§ **DATA FOR THE TASK**:
__________________________________________________

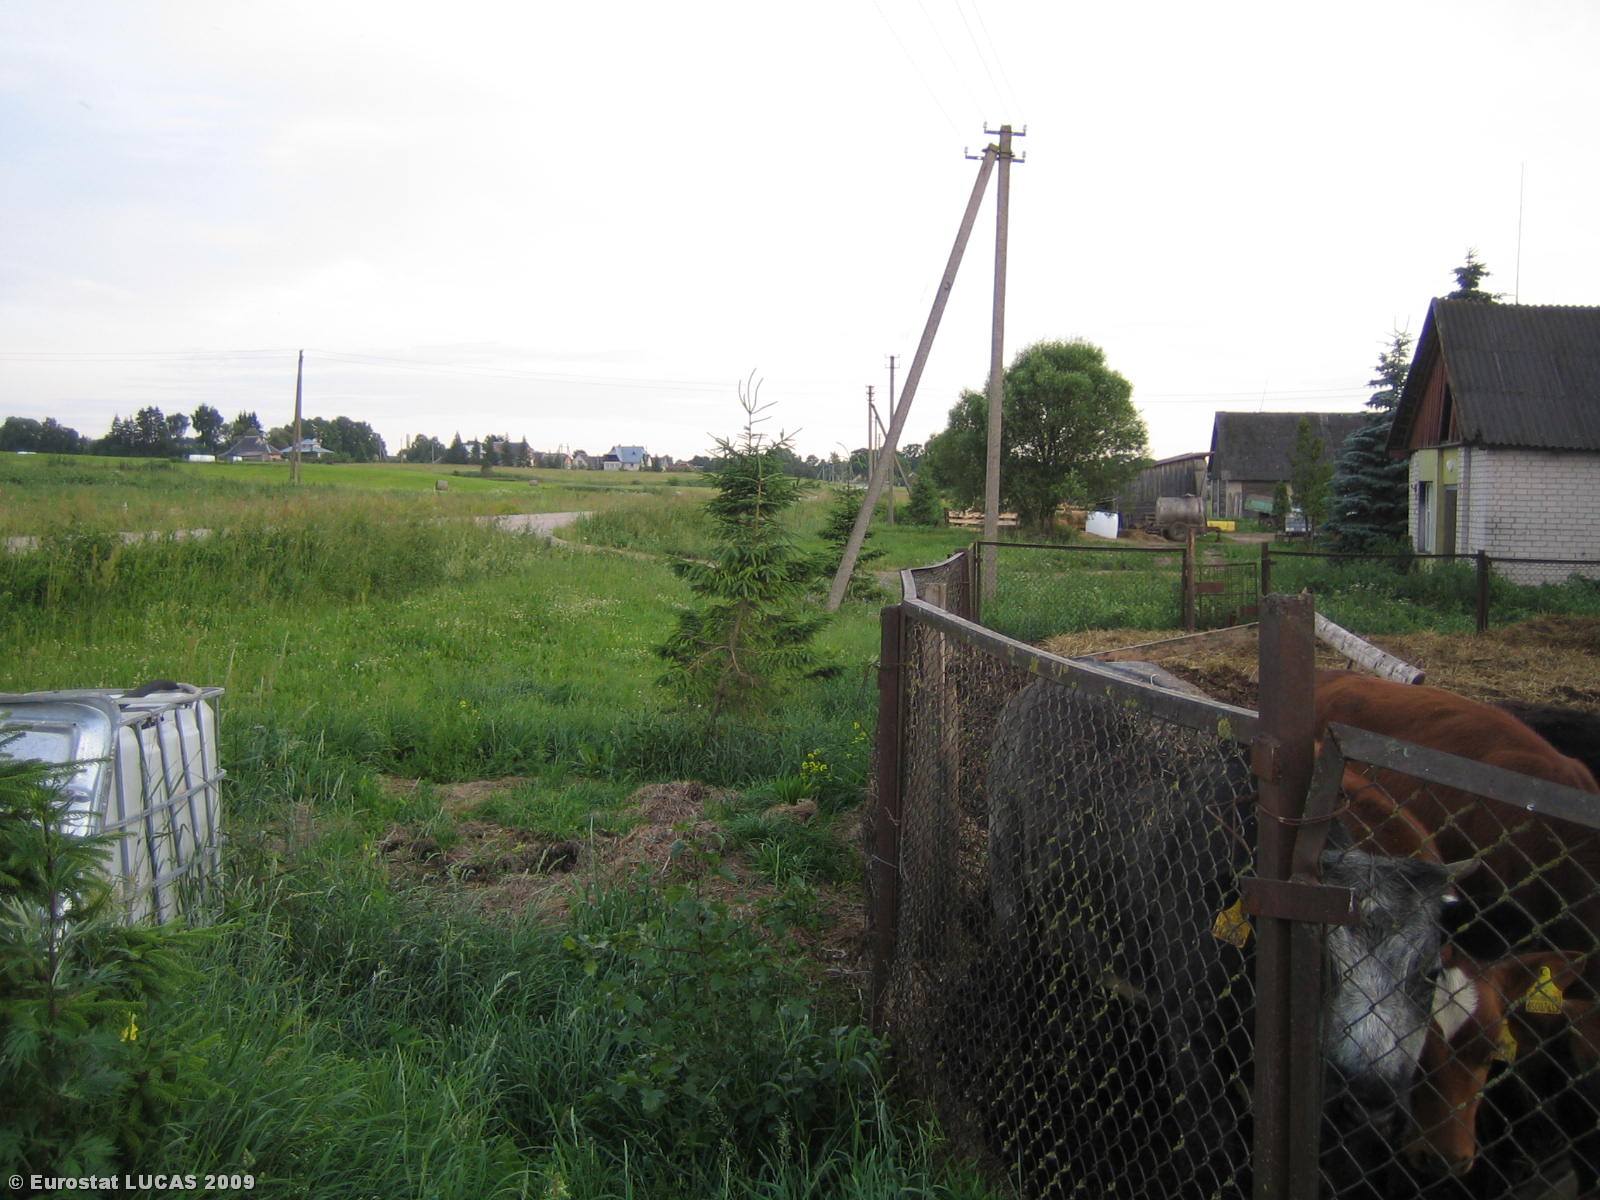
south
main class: Grassland
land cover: Grassland without tree/shrub cover
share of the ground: > 75 %
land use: Agriculture (excluding fallow land and kitchen gardens)
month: July
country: LT
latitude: 55.6486
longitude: 25.5877
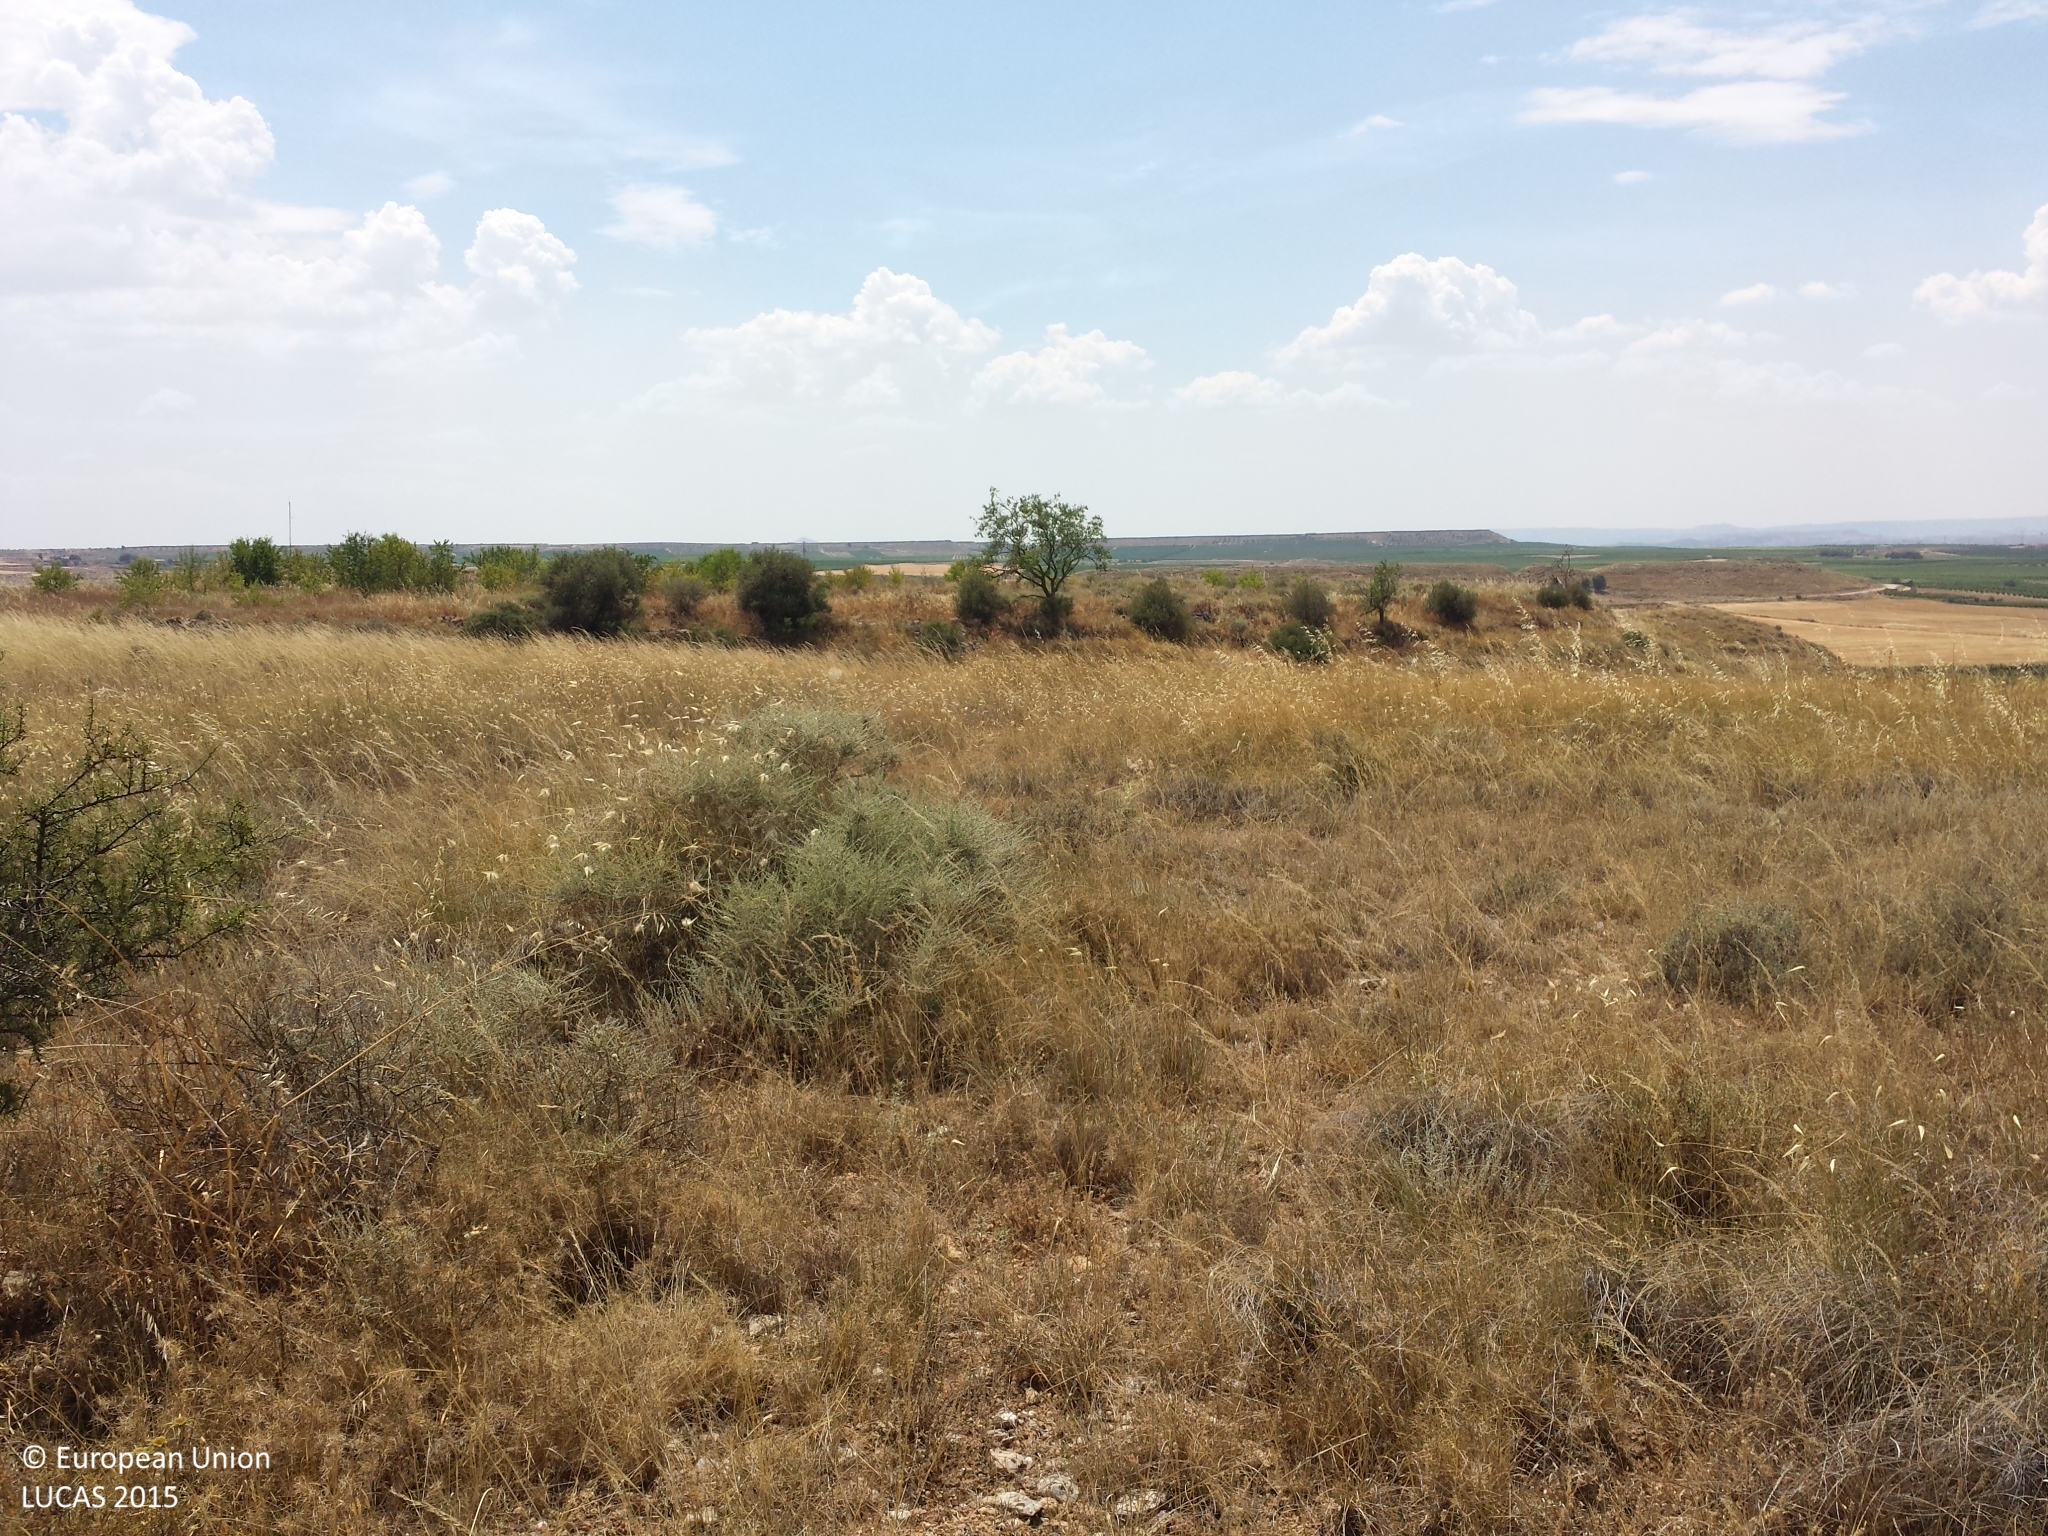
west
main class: Shrubland
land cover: Shrubland without tree cover
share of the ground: > 75 %
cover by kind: shrubs 75 %, herbaceous plants 20 %, consolidated bare surface 5 %
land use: Abandoned areas
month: June
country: ES
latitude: 41.5437
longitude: 0.6019

__________________________________________________

§ **INSTRUCTIONS TO FOLLOW**:
Begin with the line that contains "land cover: Shrubland without tree cover" and end with the last line of the material above. Set down that range exactly.

§ **RESPONSE TO THIS EXERCISE**:
land cover: Shrubland without tree cover
share of the ground: > 75 %
cover by kind: shrubs 75 %, herbaceous plants 20 %, consolidated bare surface 5 %
land use: Abandoned areas
month: June
country: ES
latitude: 41.5437
longitude: 0.6019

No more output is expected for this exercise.